Retype only the lines from the top of the records to the line with "Ha V. S. ꝓ bem", including that line but none of the pictures.

(Data Opens)

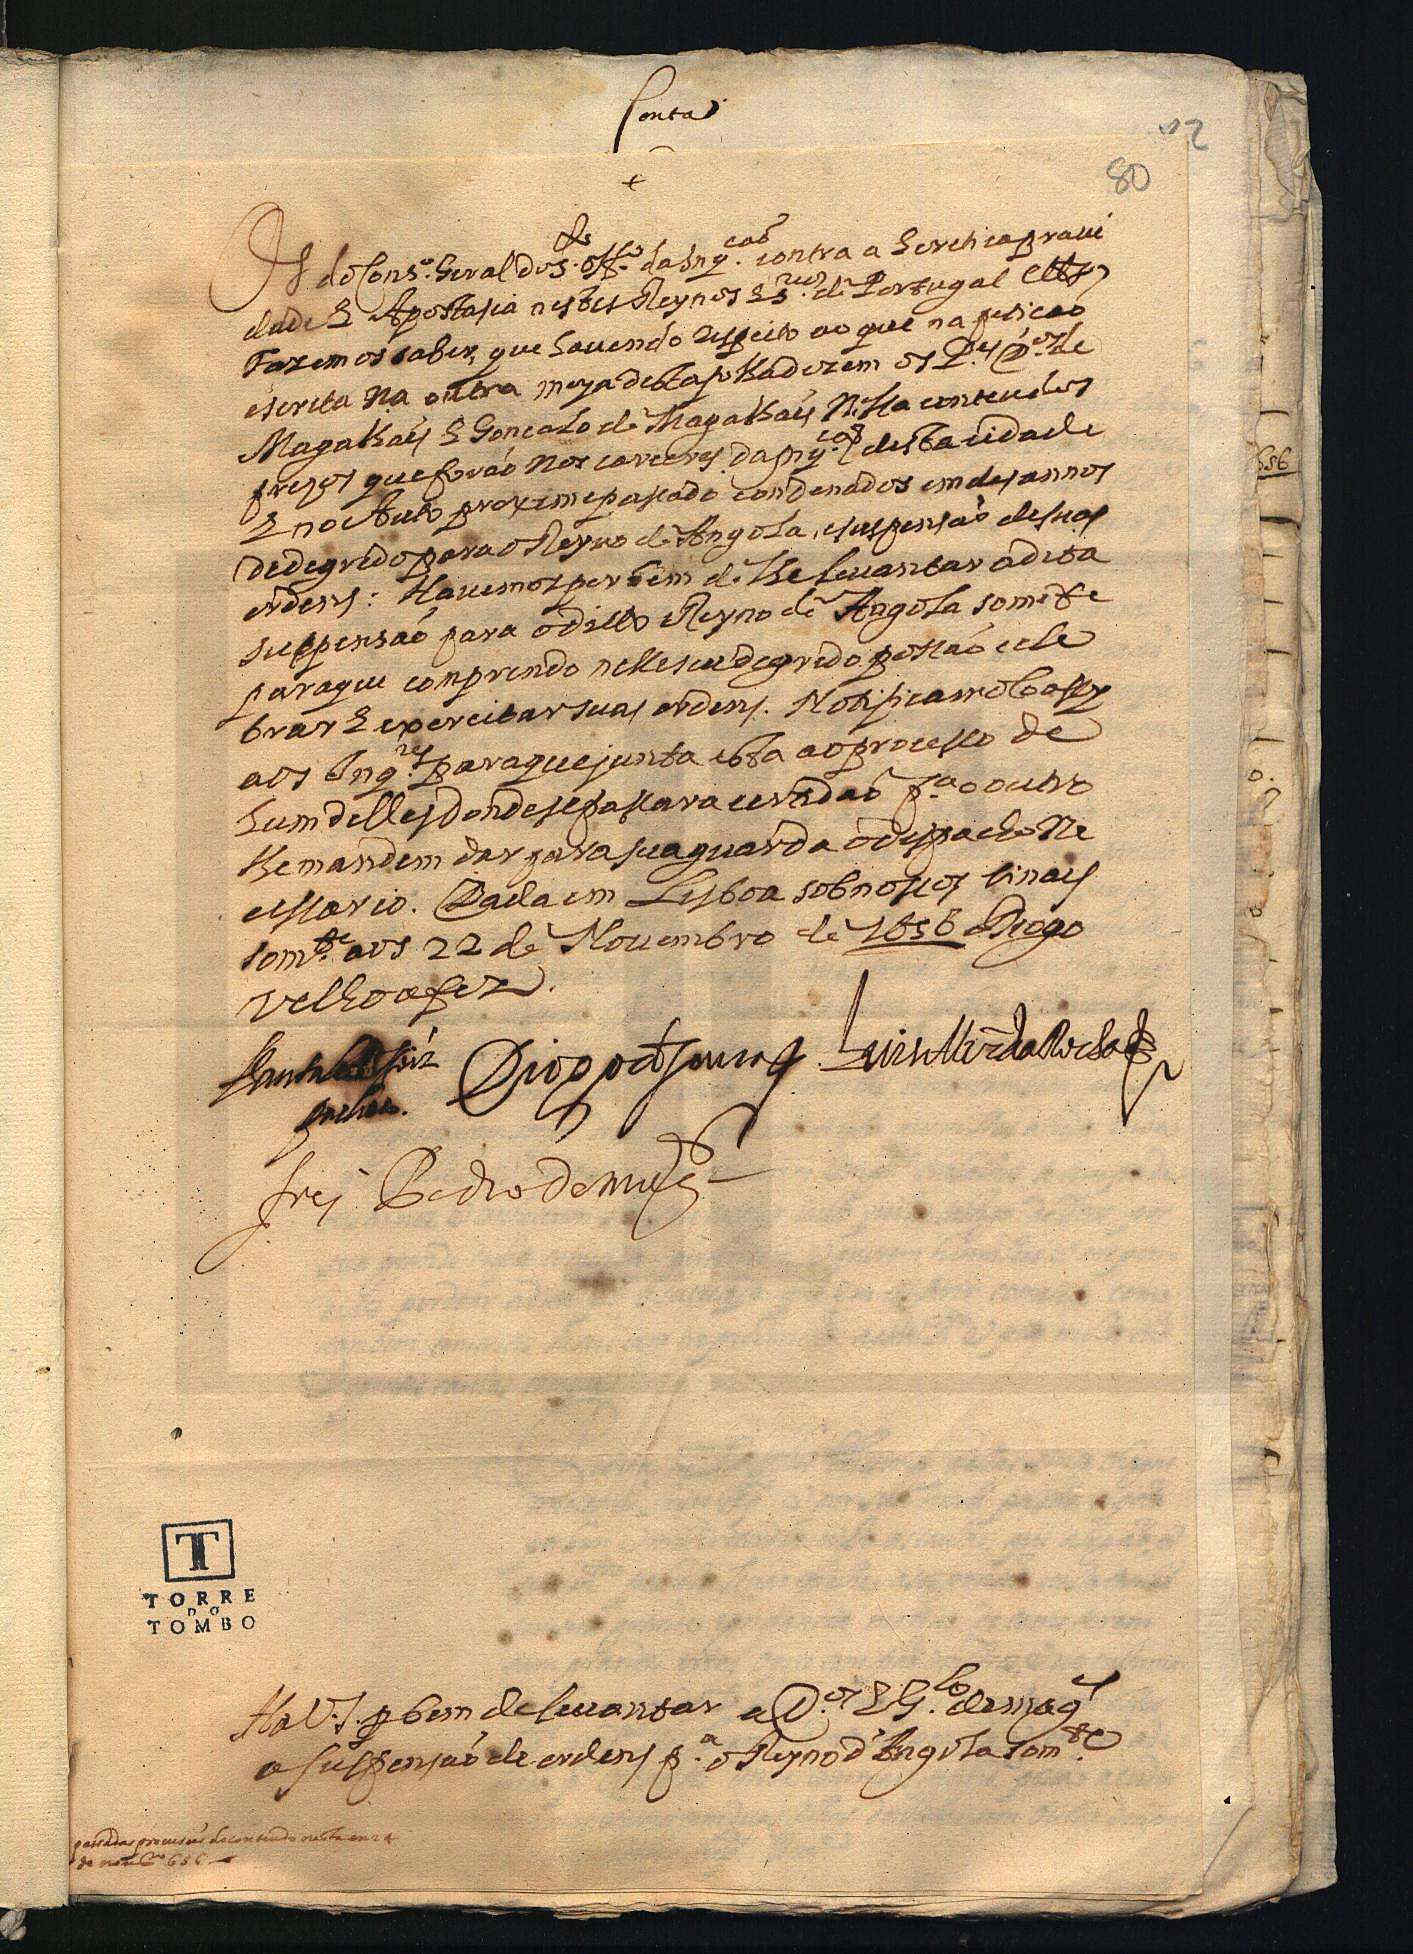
Os do Cons.o Geral do s.to off.o da Inq.caõ contra a heretica praui
dade E Apostasia nestes Reynos E s.rios de Portugal ettꝭ
Fazemos saber, que hauendo respeito ao que na petiçaõ
escrita na outra meya desta folha dizem os P.es D.os de
Magalhaẽs E Gonçalo de Magalhaẽs nella conteudos
prezos que foraõ nos carceres da jnq.caõ desta cidade
E no Auto proxime passado condenados em des annos
de degredo para o Reyno de Angola, e suspensaõ de suas
ordens: Hauemos por bem de lhe leuantar a dita
suspensaõ para o ditto Reyno de Angola somēte
para que comprindo nelle seu degredo possaõ cele
brar E exercitar suas ordens. Notificamolo assy
aos Inq.res para que junta esta ao processo de
hum delles donde se passara certidaõ p.a o outro
lhe mandem dar para sua guarda o despacho ne
cessario. Dada em Lisboa sob nossos sinais
som.te aos 22 de Nouembro de 1656 Diogo
Velho a fez
Diogo d̄ souza
Luis Alvz̄ da Rocha
frej Pedro Domingos
Ha V. S. ꝓ bem de leuantar a D.os E G.lo de mages
a suspensaõ de ordens p.a o Reyno d'Angola som.te
passadas prouisoẽs do conteudo nesta en 24
de nouro 656

(Data Closes)

# Task output
Os do Cons.o Geral do s.to off.o da Inq.caõ contra a heretica praui
dade E Apostasia nestes Reynos E s.rios de Portugal ettꝭ
Fazemos saber, que hauendo respeito ao que na petiçaõ
escrita na outra meya desta folha dizem os P.es D.os de
Magalhaẽs E Gonçalo de Magalhaẽs nella conteudos
prezos que foraõ nos carceres da jnq.caõ desta cidade
E no Auto proxime passado condenados em des annos
de degredo para o Reyno de Angola, e suspensaõ de suas
ordens: Hauemos por bem de lhe leuantar a dita
suspensaõ para o ditto Reyno de Angola somēte
para que comprindo nelle seu degredo possaõ cele
brar E exercitar suas ordens. Notificamolo assy
aos Inq.res para que junta esta ao processo de
hum delles donde se passara certidaõ p.a o outro
lhe mandem dar para sua guarda o despacho ne
cessario. Dada em Lisboa sob nossos sinais
som.te aos 22 de Nouembro de 1656 Diogo
Velho a fez
Diogo d̄ souza
Luis Alvz̄ da Rocha
frej Pedro Domingos
Ha V. S. ꝓ bem de leuantar a D.os E G.lo de mages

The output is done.